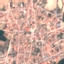
Land use / land cover class: Residential
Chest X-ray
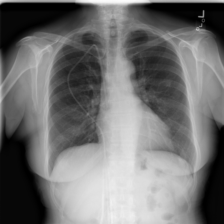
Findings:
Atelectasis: negative
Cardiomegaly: negative
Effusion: negative
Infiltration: negative
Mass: negative
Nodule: negative
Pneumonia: negative
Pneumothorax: negative
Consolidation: negative
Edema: negative
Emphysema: negative
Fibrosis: negative
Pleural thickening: negative
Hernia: negative
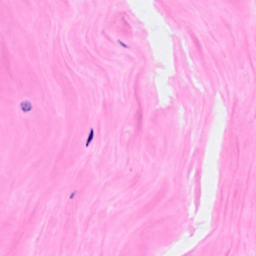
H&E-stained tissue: Breast
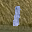
Label: 1
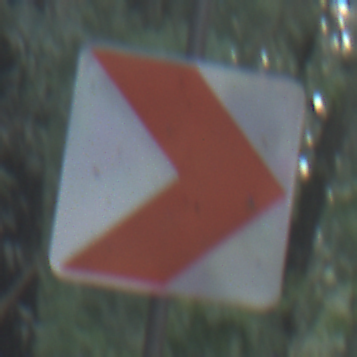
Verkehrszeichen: RichtungstafelnInKurvenKleinLinks
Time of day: SunriseSunset
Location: Outdoor (Nature)
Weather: NotSpecified
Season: Autumn
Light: Natural
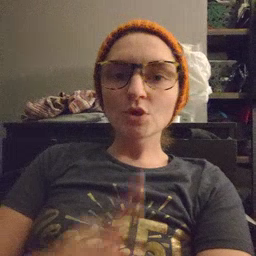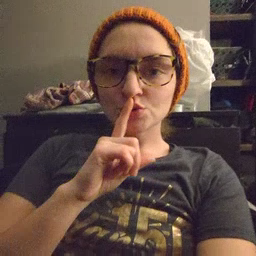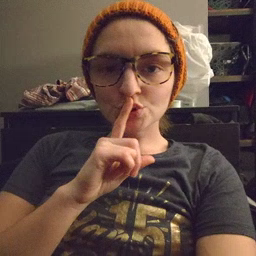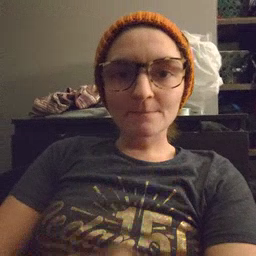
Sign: shhh
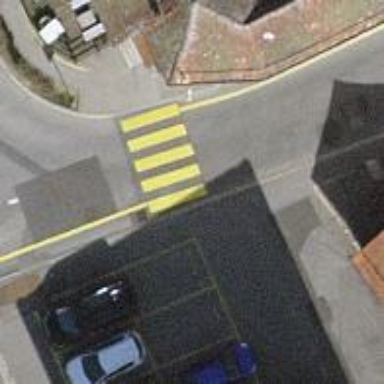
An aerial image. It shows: Zebra crossing on the road.
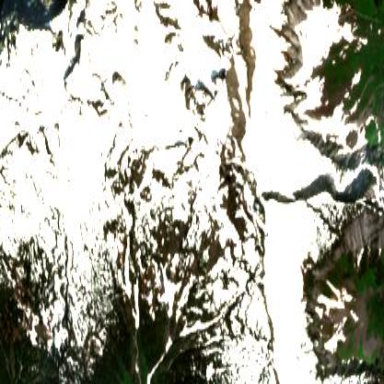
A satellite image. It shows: Majestic glacier in the distance.
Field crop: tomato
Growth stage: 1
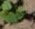
Species: solanum
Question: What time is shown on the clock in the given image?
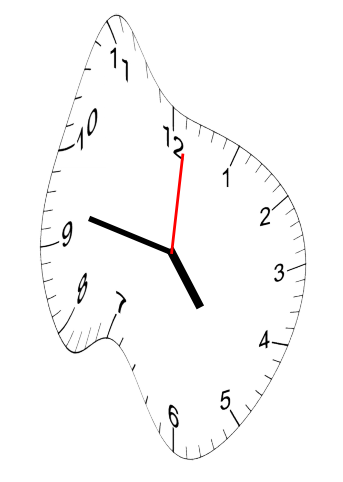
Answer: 04:47:01
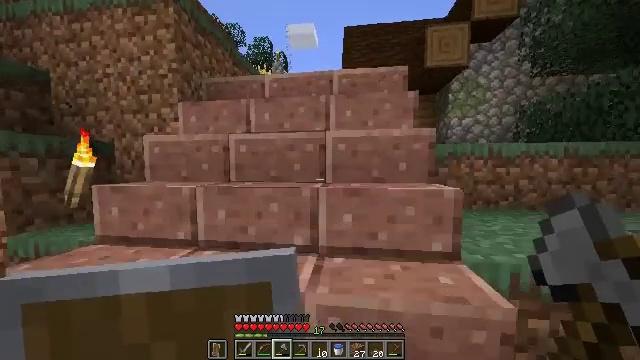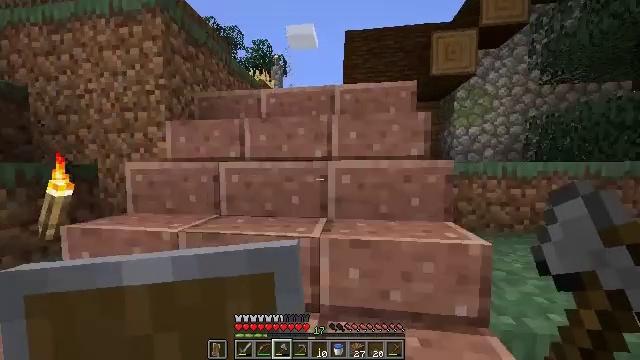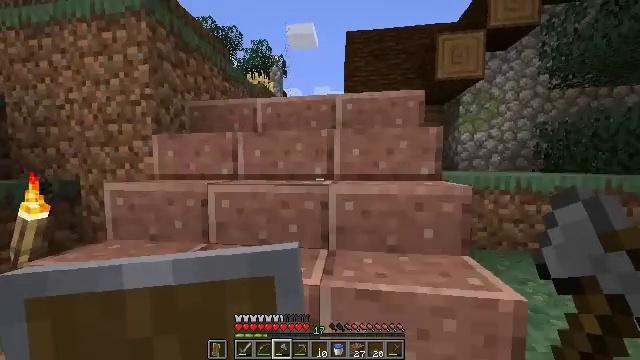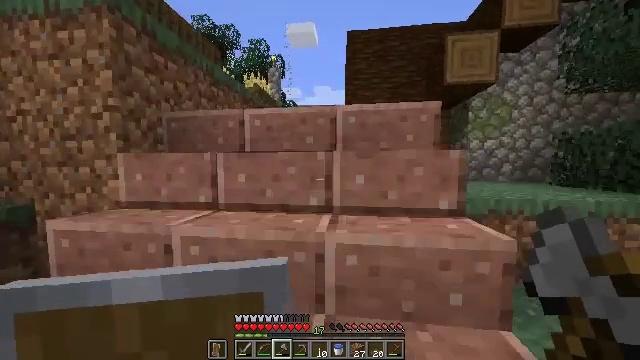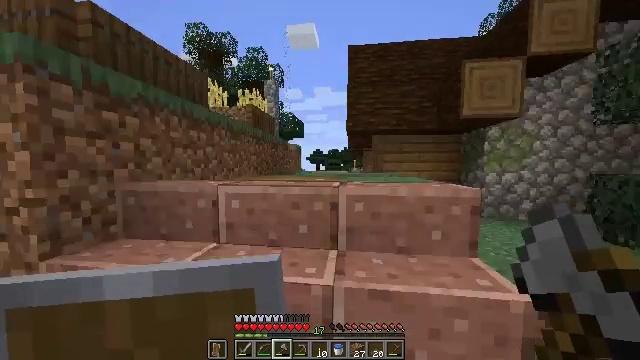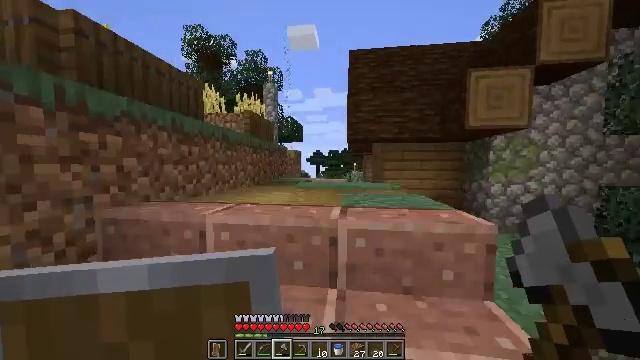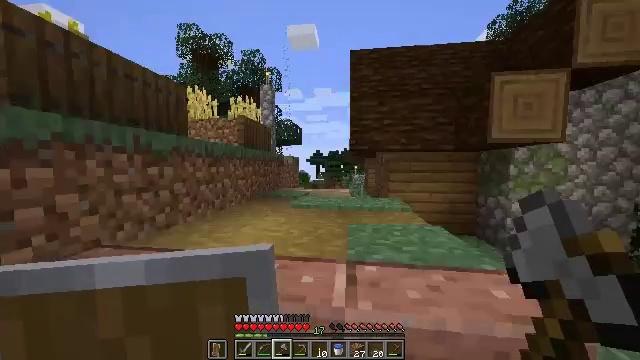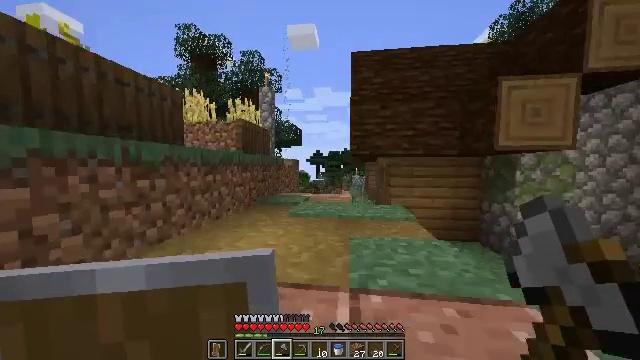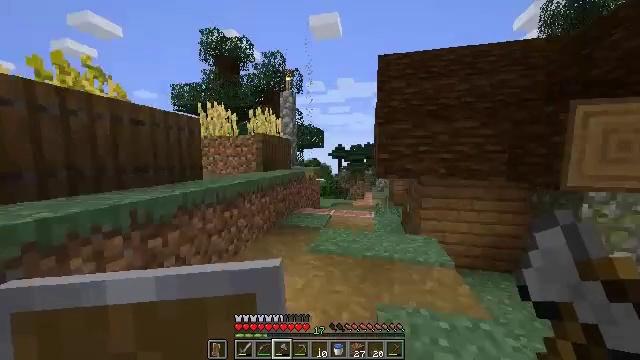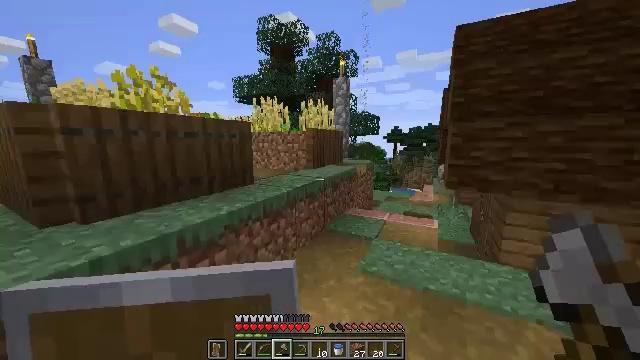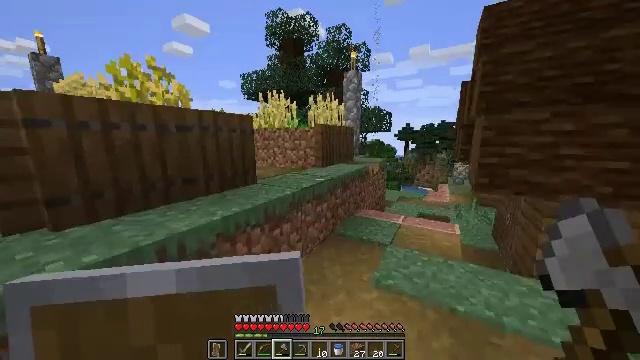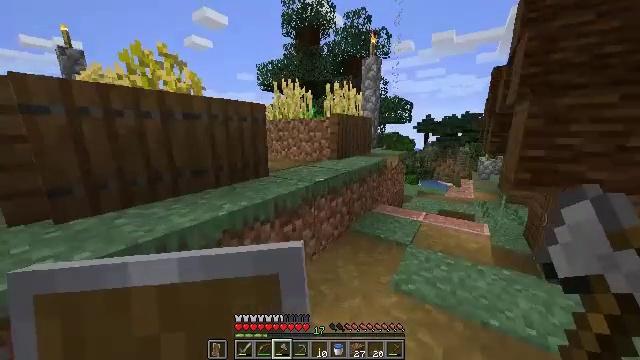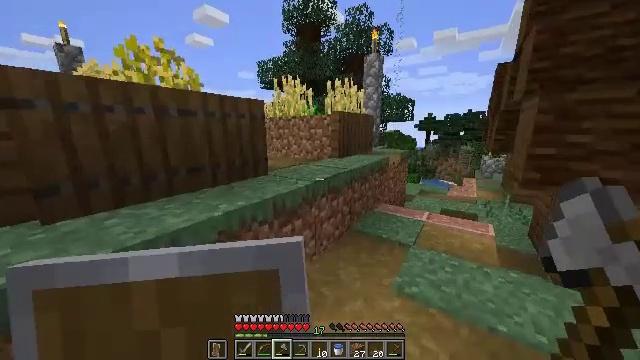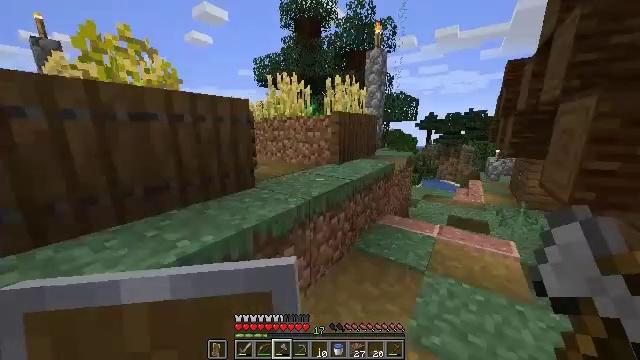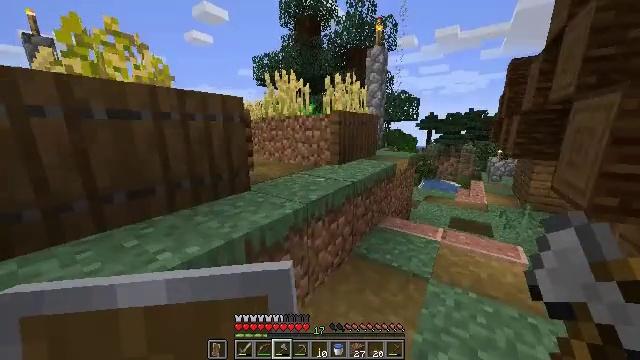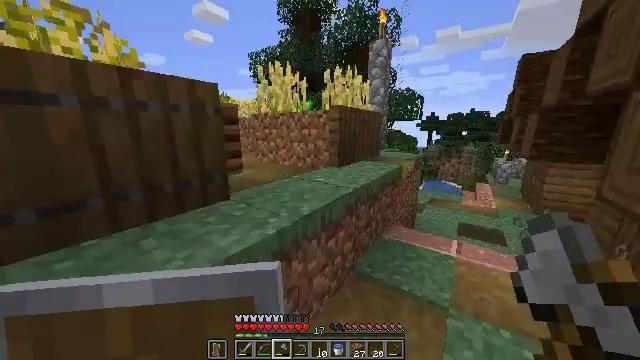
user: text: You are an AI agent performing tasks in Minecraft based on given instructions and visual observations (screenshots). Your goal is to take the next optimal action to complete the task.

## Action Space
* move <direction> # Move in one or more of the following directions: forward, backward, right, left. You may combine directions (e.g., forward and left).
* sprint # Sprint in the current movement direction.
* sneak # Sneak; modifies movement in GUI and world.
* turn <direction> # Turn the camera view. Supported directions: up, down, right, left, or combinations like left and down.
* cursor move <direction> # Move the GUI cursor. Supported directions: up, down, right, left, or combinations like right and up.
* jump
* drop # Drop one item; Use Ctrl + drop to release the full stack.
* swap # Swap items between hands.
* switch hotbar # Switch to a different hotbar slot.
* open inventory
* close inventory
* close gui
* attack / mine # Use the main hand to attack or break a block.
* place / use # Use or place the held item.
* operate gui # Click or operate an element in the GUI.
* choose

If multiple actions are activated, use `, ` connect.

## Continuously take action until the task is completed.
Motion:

▶ Exercise instructions
Beginning with the line that contains "Answer: 04:47:01", write out the lines of the material above exactly, and end with the line that contains "## Action Space". Omit the pictures.

▶ Answer to the exercise
Answer: 04:47:01
user: text: You are an AI agent performing tasks in Minecraft based on given instructions and visual observations (screenshots). Your goal is to take the next optimal action to complete the task.

## Action Space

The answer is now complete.